• WHAT TO DO: Restate word for word the lines between the start of the material and the line with "The space between", keeping both of those ends and none of the pictures.

******************************

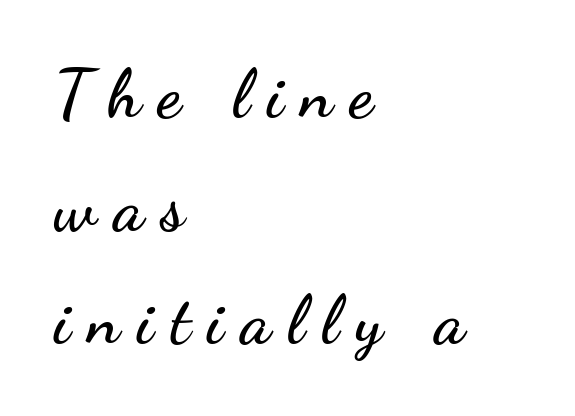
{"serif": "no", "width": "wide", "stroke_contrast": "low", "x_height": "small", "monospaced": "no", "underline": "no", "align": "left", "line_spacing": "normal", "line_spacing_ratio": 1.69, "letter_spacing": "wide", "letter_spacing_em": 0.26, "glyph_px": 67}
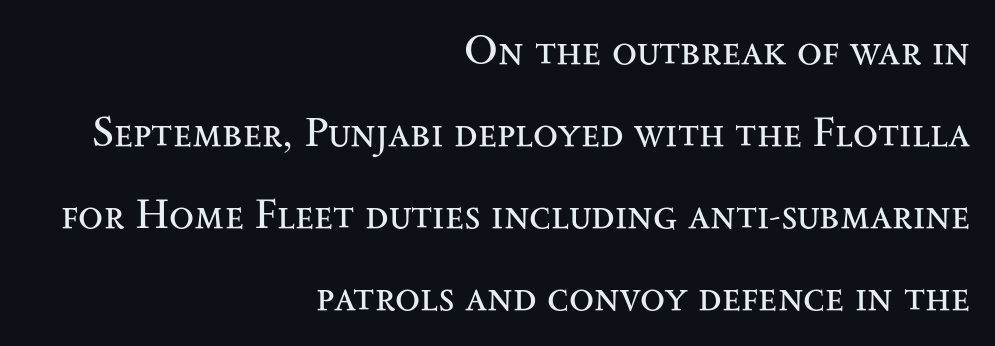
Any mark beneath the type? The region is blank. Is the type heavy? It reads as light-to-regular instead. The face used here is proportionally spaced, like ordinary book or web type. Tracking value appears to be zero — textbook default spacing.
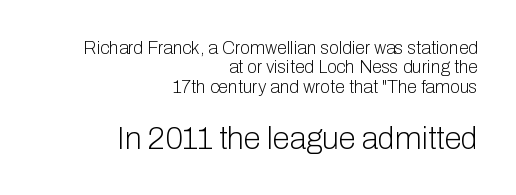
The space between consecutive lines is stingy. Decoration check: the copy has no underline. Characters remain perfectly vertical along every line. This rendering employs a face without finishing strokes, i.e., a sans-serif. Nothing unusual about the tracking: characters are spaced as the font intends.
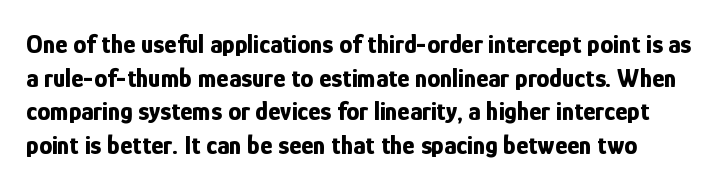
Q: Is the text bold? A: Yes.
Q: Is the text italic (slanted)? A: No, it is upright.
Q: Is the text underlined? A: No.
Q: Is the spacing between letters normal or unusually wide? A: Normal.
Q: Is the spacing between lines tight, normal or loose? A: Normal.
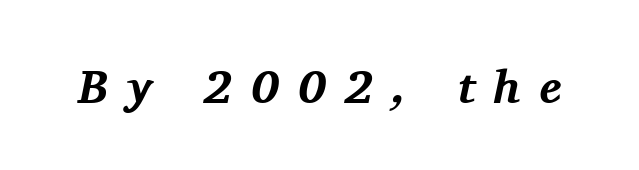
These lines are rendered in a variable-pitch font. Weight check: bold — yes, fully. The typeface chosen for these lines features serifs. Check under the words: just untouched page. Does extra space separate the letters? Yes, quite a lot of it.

******************************

• RESPONSE:
{"serif": "no", "width": "wide", "stroke_contrast": "low", "x_height": "small", "monospaced": "no", "underline": "no", "align": "left", "line_spacing": "normal", "line_spacing_ratio": 1.69, "letter_spacing": "wide", "letter_spacing_em": 0.26, "glyph_px": 67}
Any mark beneath the type? The region is blank. Is the type heavy? It reads as light-to-regular instead. The face used here is proportionally spaced, like ordinary book or web type. Tracking value appears to be zero — textbook default spacing.
The space between consecutive lines is stingy. Decoration check: the copy has no underline. Characters remain perfectly vertical along every line. This rendering employs a face without finishing strokes, i.e., a sans-serif. Nothing unusual about the tracking: characters are spaced as the font intends.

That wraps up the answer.